- Hurtsboro Historic District
- U.S. National Register of Historic Places
- U.S. Historic district
- Interactive map of Hurtsboro Historic District
- Location: Hurtsboro, Alabama
- Coordinates: 32°14′40″N 85°24′47″W﻿ / ﻿32.24444°N 85.41306°W
- Built: 1858–1952
- MPS: Phenix City MRA
- NRHP reference No.: 09000001
- Added to NRHP: October 19, 2009

= Hurtsboro Historic District =

The Hurtsboro Historic District is a historic district in Hurtsboro, Alabama. Hurtsboro was founded as Hurtsville in 1858 by Joel Hurt after the Mobile and Girard Railroad was built through western Russell County.
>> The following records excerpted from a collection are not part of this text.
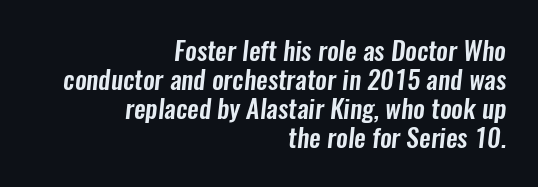
The image shows 26 px text type; set right-aligned, tight line spacing (1.11x), normal letter spacing, not underlined.
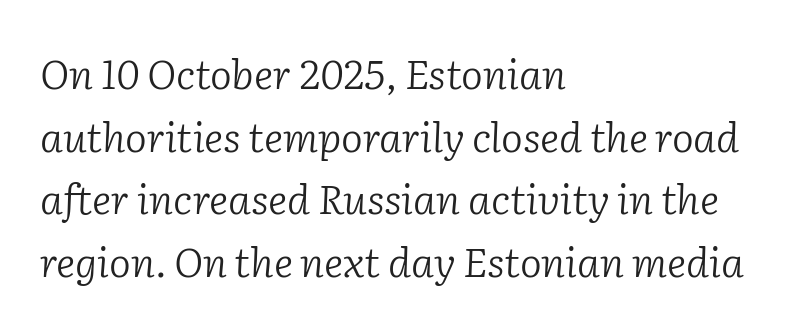
Leading: standard. The passage shown is typed in a proportional face where columns would drift. Regarding serifs, this sample has them. Posture: slanted. This rendering uses left alignment, leaving the right contour irregular. The horizontal fit of the characters is conventional and even.
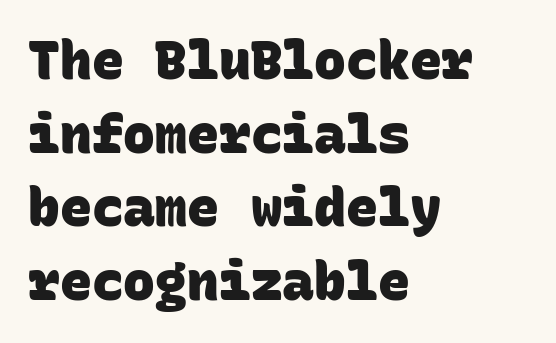
Q: Is the text bold? A: Yes.
Q: Is the typeface a serif or a sans-serif typeface? A: Sans-serif.
Q: Is the text underlined? A: No.
Q: How is the paragraph aligned? A: Left-aligned.
Q: Is the spacing between letters normal or unusually wide? A: Normal.
Q: Is the spacing between lines tight, normal or loose? A: Normal.
Q: Width (condensed, normal, or wide)? A: Normal.
Q: Stroke contrast? A: Low.
Q: x-height? A: Large.
Q: Monospaced? A: Yes.
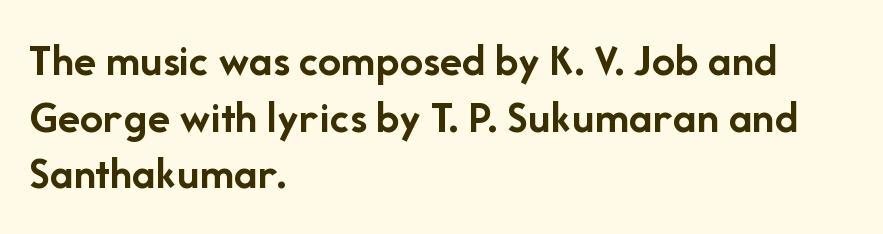
The paragraph has a hard left edge and a soft right edge. This rendering employs a face without finishing strokes, i.e., a sans-serif. The lettering stays uniformly vertical, giving the passage a roman look. This sample uses plain, unmodified letter spacing. The rendering uses natural spacing where letterforms have individual widths. Only glyphs here, with clear space below each row.
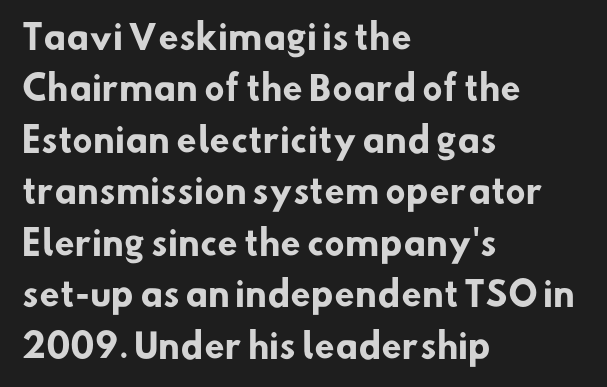
The image shows 33 px heavy sans-serif type; set left-aligned, normal line spacing (1.56x), normal letter spacing, not underlined; low stroke contrast and a small x-height.
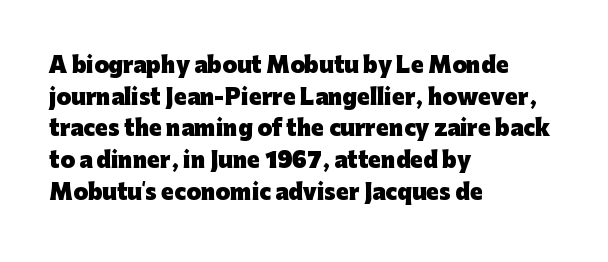
The image shows 21 px bold type, upright; set left-aligned, normal line spacing (1.51x), normal letter spacing, not underlined.
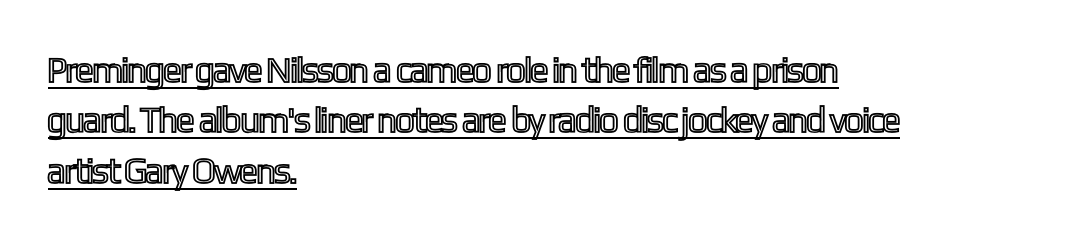
Q: Is the text italic (slanted)? A: No, it is upright.
Q: Is the text underlined? A: Yes.
Q: How is the paragraph aligned? A: Left-aligned.
Q: Is the spacing between letters normal or unusually wide? A: Normal.
Q: Is the spacing between lines tight, normal or loose? A: Normal.
Q: Width (condensed, normal, or wide)? A: Condensed.
Q: x-height? A: Medium.
Q: Monospaced? A: No.
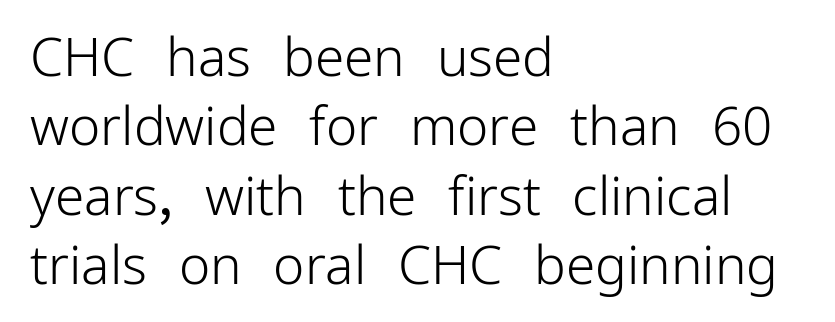
Q: Is the text bold? A: No.
Q: Is the text italic (slanted)? A: No, it is upright.
Q: Is the typeface a serif or a sans-serif typeface? A: Sans-serif.
Q: Is the text underlined? A: No.
Q: How is the paragraph aligned? A: Left-aligned.
Q: Is the spacing between letters normal or unusually wide? A: Normal.
Q: Is the spacing between lines tight, normal or loose? A: Normal.
Q: Width (condensed, normal, or wide)? A: Normal.
Q: Stroke contrast? A: Low.
Q: x-height? A: Medium.
Q: Monospaced? A: No.
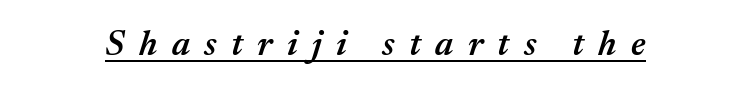
The image shows 35 px semibold type, italic (leaning right); set unusually wide letter spacing (+0.41 em), underlined; medium stroke contrast and a medium x-height.
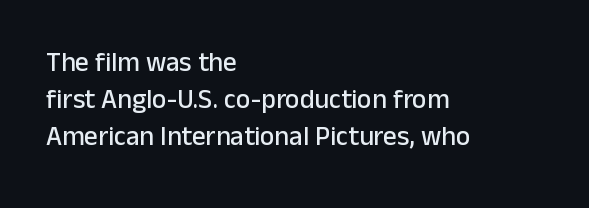
Q: Is the text italic (slanted)? A: No, it is upright.
Q: Is the text underlined? A: No.
Q: How is the paragraph aligned? A: Left-aligned.
Q: Is the spacing between letters normal or unusually wide? A: Normal.
Q: Is the spacing between lines tight, normal or loose? A: Normal.
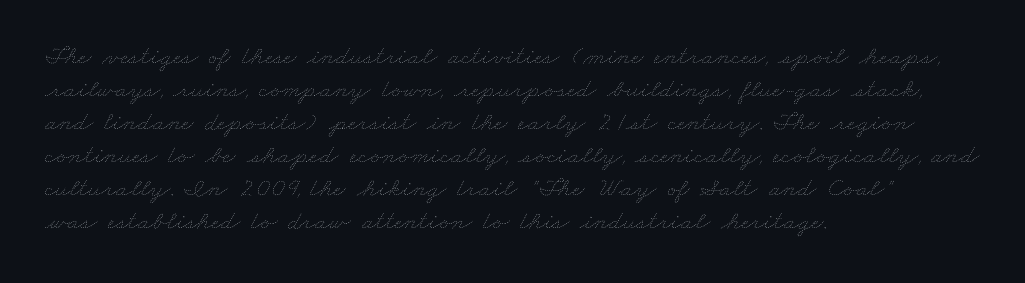
Q: Is the text bold? A: No.
Q: Is the text underlined? A: No.
Q: How is the paragraph aligned? A: Left-aligned.
Q: Is the spacing between letters normal or unusually wide? A: Normal.
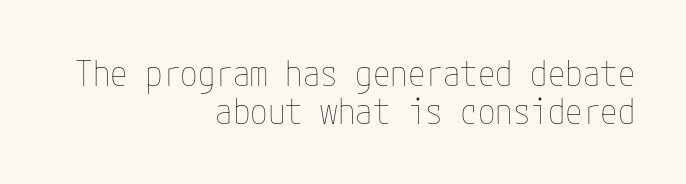
The image shows 35 px thin, condensed type, upright; set right-aligned, tight line spacing (1.08x), normal letter spacing, not underlined; low stroke contrast and a medium x-height.
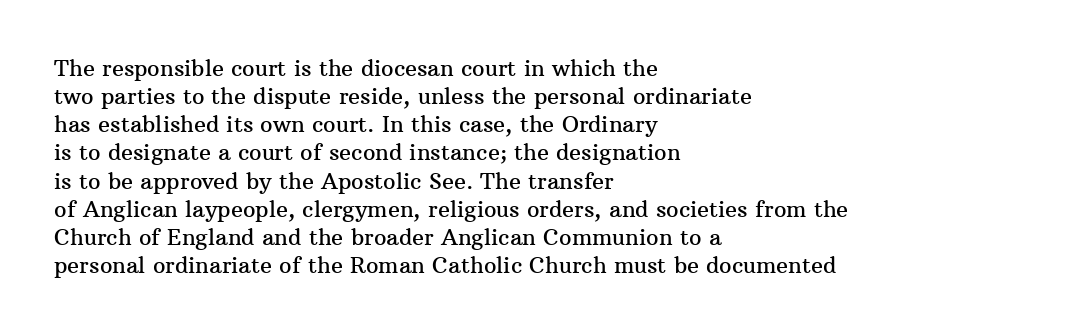
Q: Is the text italic (slanted)? A: No, it is upright.
Q: Is the text underlined? A: No.
Q: How is the paragraph aligned? A: Left-aligned.
Q: Is the spacing between letters normal or unusually wide? A: Normal.
Q: Is the spacing between lines tight, normal or loose? A: Normal.

The commercial core is centered along the railroad tracks; although all of the early frame commercial buildings were demolished by the 1960s, several 1890s–1920s buildings, including the 1890s Gin and Mill building and the circa 1910 Owens Mercantile block remain. The Greek Revival style Joel Hurt House is the oldest house in town. Although many of Hurtsboro's historic houses were destroyed in a 1981 tornado, a core of Greek Revival, Victorian, Bungalow, and Minimal Traditional houses remain.

The district was listed on the National Register of Historic Places in 2009.